Israel’s 7 October rape hoax gets a 300-page reboot

Israel’s 7 October rape hoax gets a 300-page reboot

A new report that Israel touts as “evidentiary breakthrough” is little more than a repeat of earlier attempts to “prove” widespread rape: unsubstantiated claims, secondhand accounts, discredited witnesses, outright lies, and most importantly, a total absence of accusers.

By Ali Abunimah, reposted from Electronic Intifada, May 14, 2026

This article contains graphic descriptions of sexual violence

Major media outlets are promoting a new report as an evidentiary breakthrough on alleged mass rapes of Israelis by Hamas on 7 October 2023.

It is nothing of the kind.

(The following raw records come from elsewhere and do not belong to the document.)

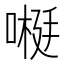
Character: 𫫕
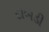
દાબડી
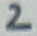
Text: 2
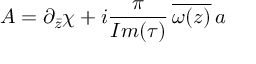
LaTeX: A = \partial _ { \bar { z } } \chi + i { \frac { \pi } { I m ( \tau ) } } \, \overline { { { \omega ( z ) } } } \, a
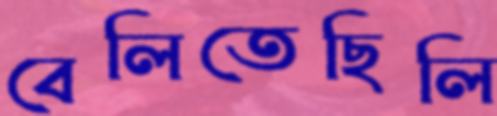
বেলিতেছিলি
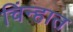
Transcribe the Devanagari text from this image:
चिंन्हात
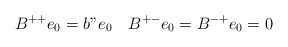
\begin{align*}B^{++}e_0=b"e_0\quad B^{+-}e_0=B^{-+}e_0=0\end{align*}
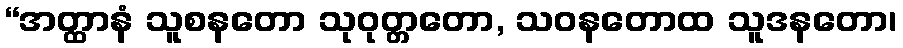
“အတ္ထာနံ သူစနတော သုဝုတ္တတော, သဝနတောထ သူဒနတော၊
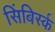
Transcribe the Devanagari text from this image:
सिंबिर्स्क
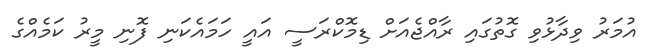
އުމަރު ވިދާޅުވި ގޮތުގައި ރާއްޖެއަށް ޑިމޮކްރަސީ އައީ ހަމައެކަނި ފޮނި މީރު ކަމެއްގެ
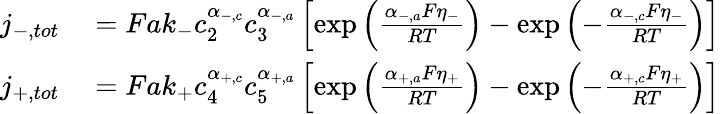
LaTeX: \begin{array}{rl}{j_{-,tot}}&{{}=Fak_{-}c_{2}^{\alpha_{-,c}}c_{3}^{\alpha_{-,a}}\left[\exp\left(\frac{\alpha_{-,a}F\eta_{-}}{RT}\right)-\exp\left(-\frac{\alpha_{-,c}F\eta_{-}}{RT}\right)\right]}\\ {j_{+,tot}}&{{}=Fak_{+}c_{4}^{\alpha_{+,c}}c_{5}^{\alpha_{+,a}}\left[\exp\left(\frac{\alpha_{+,a}F\eta_{+}}{RT}\right)-\exp\left(-\frac{\alpha_{+,c}F\eta_{+}}{RT}\right)\right]}\end{array}
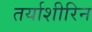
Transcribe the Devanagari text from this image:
तर्याशीरिन
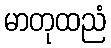
မာတုထညံ
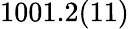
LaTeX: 1001.2(11)
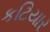
કટિયાર
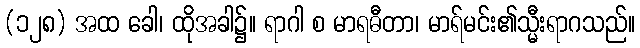
(၁၂၈) အထ ခေါ၊ ထိုအခါ၌။ ရာဂါ စ မာရဓီတာ၊ မာရ်မင်း၏သ္မီးရာဂသည်။
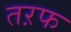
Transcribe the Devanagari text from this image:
तऱफ
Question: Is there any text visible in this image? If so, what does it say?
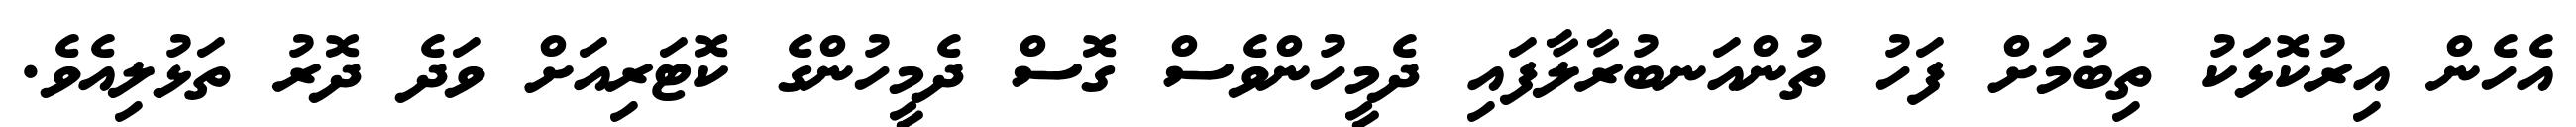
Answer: އެހެން އިރުކޮޅަކު ތިބުމަށް ފަހު ތުންއަނބުރާލާފައި ދެމީހުންވެސް ގޮސް ދެމީހުންގެ ކޮޓަރިއަށް ވަދެ ދޮރު ތަޅުލިއެވެ.
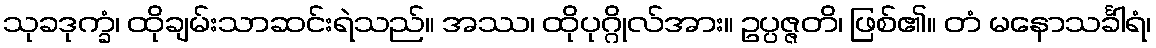
သုခဒုက္ခံ၊ ထိုချမ်းသာဆင်းရဲသည်။ အဿ၊ ထိုပုဂ္ဂိုလ်အား။ ဥပ္ပဇ္ဇတိ၊ ဖြစ်၏။ တံ မနောသင်္ခါရံ၊
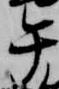
午
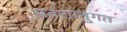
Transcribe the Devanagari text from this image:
अवंशानुगत
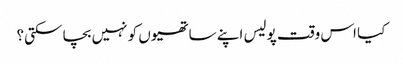
کیا اس وقت پولیس اپنے ساتھیوں کو نہیں بچا سکتی؟
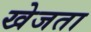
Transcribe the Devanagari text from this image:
खेजता
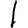
Digit: 1
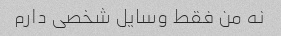
نه من فقط وسایل شخصی دارم
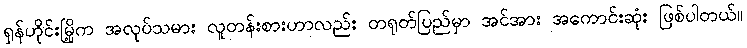
ရှန်ဟိုင်းမြို့က အလုပ်သမား လူတန်းစားဟာလည်း တရုတ်ပြည်မှာ အင်အား အကောင်းဆုံး ဖြစ်ပါတယ်။
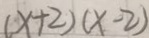
1 x + 2 ) ( x - 2 )
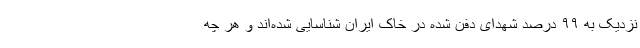
نزدیک به ۹۹ درصد شهدای دفن شده در خاک ایران شناسایی شده‌اند و هر چه
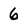
Character: 6
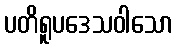
ပတိရူပဒေသဝါသော
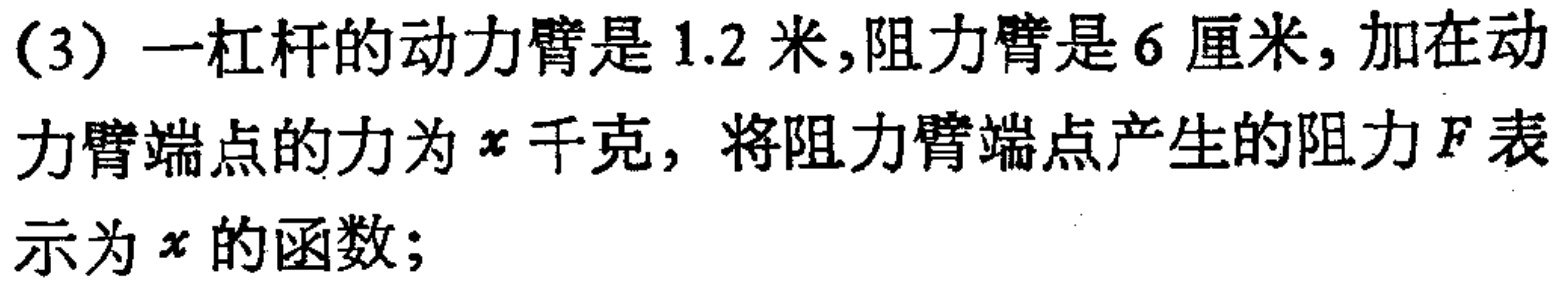
(3) 一杠杆的动力臂是$1.2$米,阻力臂是$6$厘米, 加在动力臂端点的力为$x$千克, 将阻力臂端点产生的阻力$F$表示为$x$的函数;
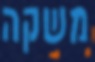
משקה
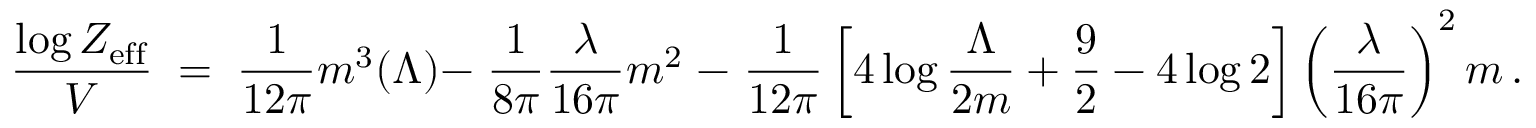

Weighing in at almost 300 pages, “Silenced no more,” published by a supposedly independent “Civil Commission,” is largely a repackaged compilation of old claims, anonymous allegations and speculation.

This includes numerous claims from figures whose accounts have already been exposed as contradictory, unreliable or fabricated.

But you wouldn’t know this from how the media are covering it.

Britain’s Daily Mail claimed that the report revealed “for the first time” the “full depravity” of the “unimaginable” sexual horrors committed by Hamas “which some on the Left STILL cast doubt on.”

CNN called the new report a “landmark” and invited its principal author for an interview.

The BBC termed it “the most comprehensive” report documenting “rapes, sexual assault and sexual torture” against Israelis.

None of these outlets offered any skepticism or cautious scrutiny – certainly not of the kind they apply when it comes to almost any account of Israeli violence against Palestinians.

Le Monde, in an otherwise sympathetic article, offered a rare hint of criticism, acknowledging that the report may be challenged for combining alleged incidents “of different natures” including acts “for which the sexual dimension is not clear.”

According to The Globe and Mail, the report purports to uncover patterns of “rape, gang rape, other forms of sexual assault, sexual torture – including burning and mutilation,” as well as claims of postmortem sexual abuse, humiliation and desecration of bodies.

Horrifying material, if true. But tellingly, the Canadian newspaper acknowledges that the report asserts that “sexual violence was both widespread and systemic, though it does not provide the number of victims.”

Discredited “Civil Commission”

Indeed, the Civil Commission – an initiative launched by Israeli legal scholar Cochav Elkayam-Levy soon after 7 October – was already severely discredited by Israeli media more than two years ago.

Elkayam-Levy came under fire for her shoddy research methods– which managed to embarrass even some in the Israeli government.

“People disconnected from her because her investigation is not accurate,” an Israeli government source told Ynet, the online outlet affiliated with Israel’s mass circulation newspaper Yedioth Ahronoth.

The government source cited how Elkayam-Levy disseminated a story about Palestinian fighters “slicing the belly of a pregnant woman – a story proven to be untrue, and she spread it in the international media.”

“It’s no joke. Little by little, professionals have begun to distance themselves from her because she is unreliable,” the source added, citing the damage such false accounts do to Israel’s already battered credibility.

It had previously been exposed that Elkayam-Levy also tried to pass off an old photo of a deceased Kurdish female fighter in another country as a victim of the 7 October violence.

Elkayam-Levy also came under fire for financial opportunism.

“She took donations from loads of people and she began asking for money for lectures,” the government source told Ynet.

But these warnings did not scare off a slew of Israel lobby funders including Combined Jewish Philanthropies, Jewish Federations of North America, the Jewish Federation of Los Angeles, the Jewish Federation of Greater Philadelphia, the Jewish United Fund of Metropolitan Chicago, the New Israel Fund and the Wilf Family Foundation.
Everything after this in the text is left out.